During the Spanish flu, “the public health officer in Winnipeg faced a lot of pressure to end the closures because they were affecting the local economy in certain ways and they were certainly disrupting everyday life,” she said.
That officer has to negotiate a deluge of messages from the federal government and provincial government, the best scientific practices, the state of the public mindset, and pressure from the business sector, Jones said.
That pressure mounts when the number of new cases starts falling.
Jones understands the impulse to get back to normal, to think things aren’t so bad, when that happens.
But a drop in new cases doesn’t necessarily mean the virus has weakened — it often means the measures put in place by government and health officials are working.

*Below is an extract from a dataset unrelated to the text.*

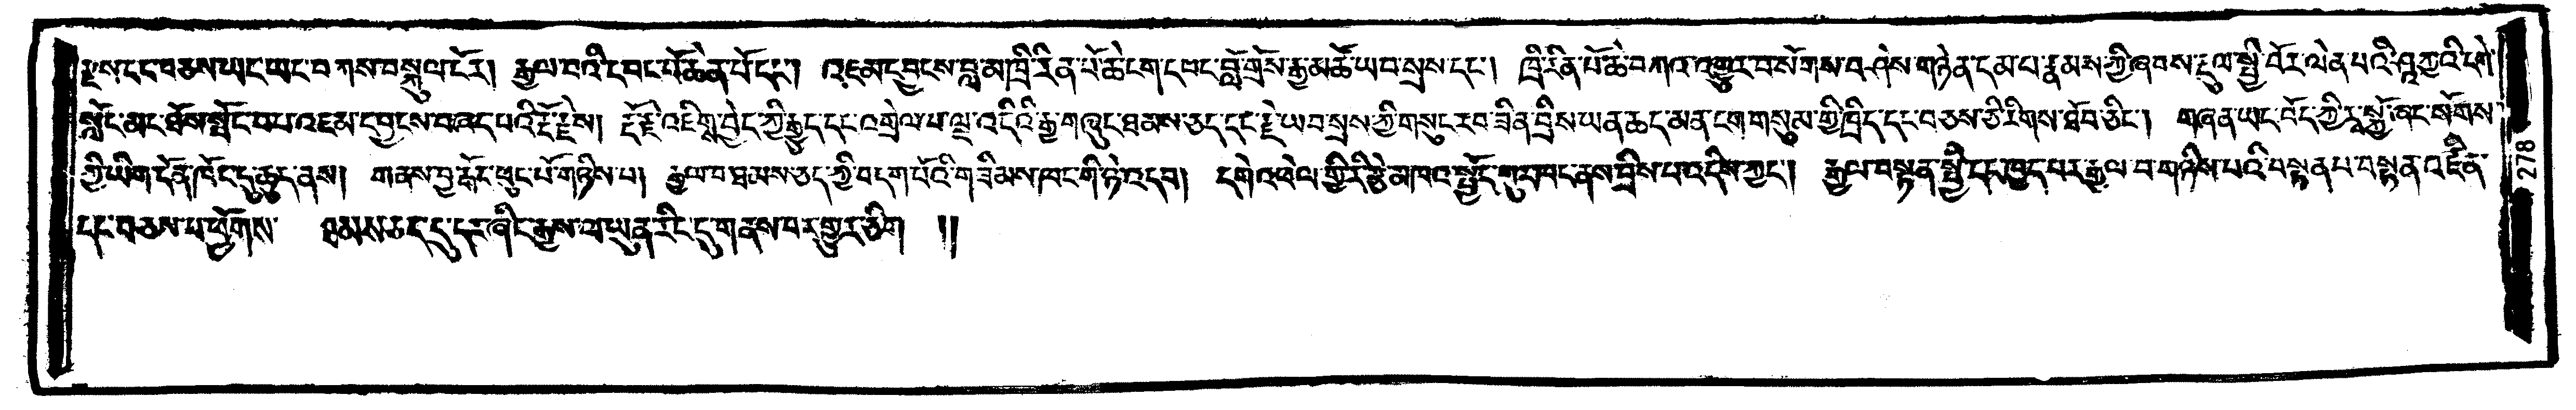རྫས་དང་བཅས་ཡང་ཡང་བཀས་བསྐུལ་ངོར། རྒྱལ་བའི་དབང་པོ་ཆེན་པོ་དང་། འཇམ་དབྱངས་བླ་མ་ཁྲི་རིན་པོ་ཆེ་ངག་དབང་བློ་གྲོས་རྒྱ་མཚོ་ཡབ་སྲས་དང་། ཁྲི་རིན་པོ་ཆེ་བཀའ་འགྱུར་བ་སོགས་བཤེས་གཉེན་དམ་པ་རྣམས་ཀྱི་ཞབས་རྡུལ་སྤྱི་བོར་ལེན་པའི་ཤཱཀྱའི་དགེ་
སློང་མང་ཐོས་སྤོང་བ་པ་འཇམ་དབྱངས་བཞད་པའི་རྡོ་རྗེས། རྡོ་རྗེ་འཇིགས་བྱེད་ཀྱི་རྒྱུད་དང་འགྲེལ་པ་ལྔ་འདིའི་རྒྱ་གཞུང་ཐམས་ཅད་དང་རྗེ་ཡབ་སྲས་ཀྱི་གསུང་རབ་ཟིན་བྲིས་ཡན་ཆད་མན་ངག་གསུམ་གྱི་ཁྲིད་དང་བཅས་ཅི་རིགས་ཐོབ་ཅིང་། གཞན་ཡང་བོད་ཀྱི་རྭ་སྐྱོ་ཞང་སོགས་
ཀྱི་ཡིག་དོན་ཁོང་དུ་ཆུད་ནས། གནས་བྱ་རྒོད་ཕུང་པོ་གཉིས་པ། རྒྱལ་བ་ཐམས་ཅད་ཀྱི་བདག་པོའི་གཟིམས་ཁང་གི་ཉེ་འདབ། དགེ་འཕེལ་གྱི་རི་རྩེ་མཁའ་སྤྱོད་གུར་ཁང་ནས་བྲིས་བ་འདིས་ཀྱང་། རྒྱལ་བསྟན་སྤྱི་དང་ཁྱད་པར་རྒྱལ་བ་གཉིས་པའི་བསྟན་པ་བསྟན་འཛིན་
དང་བཅས་པ་ཕྱོགས་ཐམས་ཅད་དུ་དར་ཞིང་རྒྱས་ལ་ཡུན་རིང་དུ་གནས་པར་གྱུར་ཅིག །།

That makes it difficult for people understand the disease is still extremely dangerous.
“We just have to keep repeating the message,” Jones said. “I’m always reminded that with the [Spanish] flu pandemic there were measures that could have been taken that weren’t.”
People also need to remember that beyond the battlefield, the Spanish flu hit the world in three waves.
The first, in spring of 1918, was generally mild and resulted in few deaths, The second, in the fall, was highly contagious and arrived with a vengeance. It led to death within just a few days, sometimes within hours, of someone showing symptoms.
The third wave occurred during the winter and into the spring of 1919, and was more lethal than the first, but less so than the second.
By summer of 1919, the pandemic nearly vanished — not because it was cured, but because those infected died or developed immunity.
Even then, some places in Canada experienced pockets of it into 1920, Jones said.
“So it really does become the question: Is that what this is going to look like and how can we plan for that? All of that is a big unknown for us now and unknowns are not comfortable for anyone,” she said.
“On the bright side, everyone working in public health right now is learning every day about the disease and ideally, they’re buying time, [so] should the disease return in a more serious way … they will have more tools in their tool box.”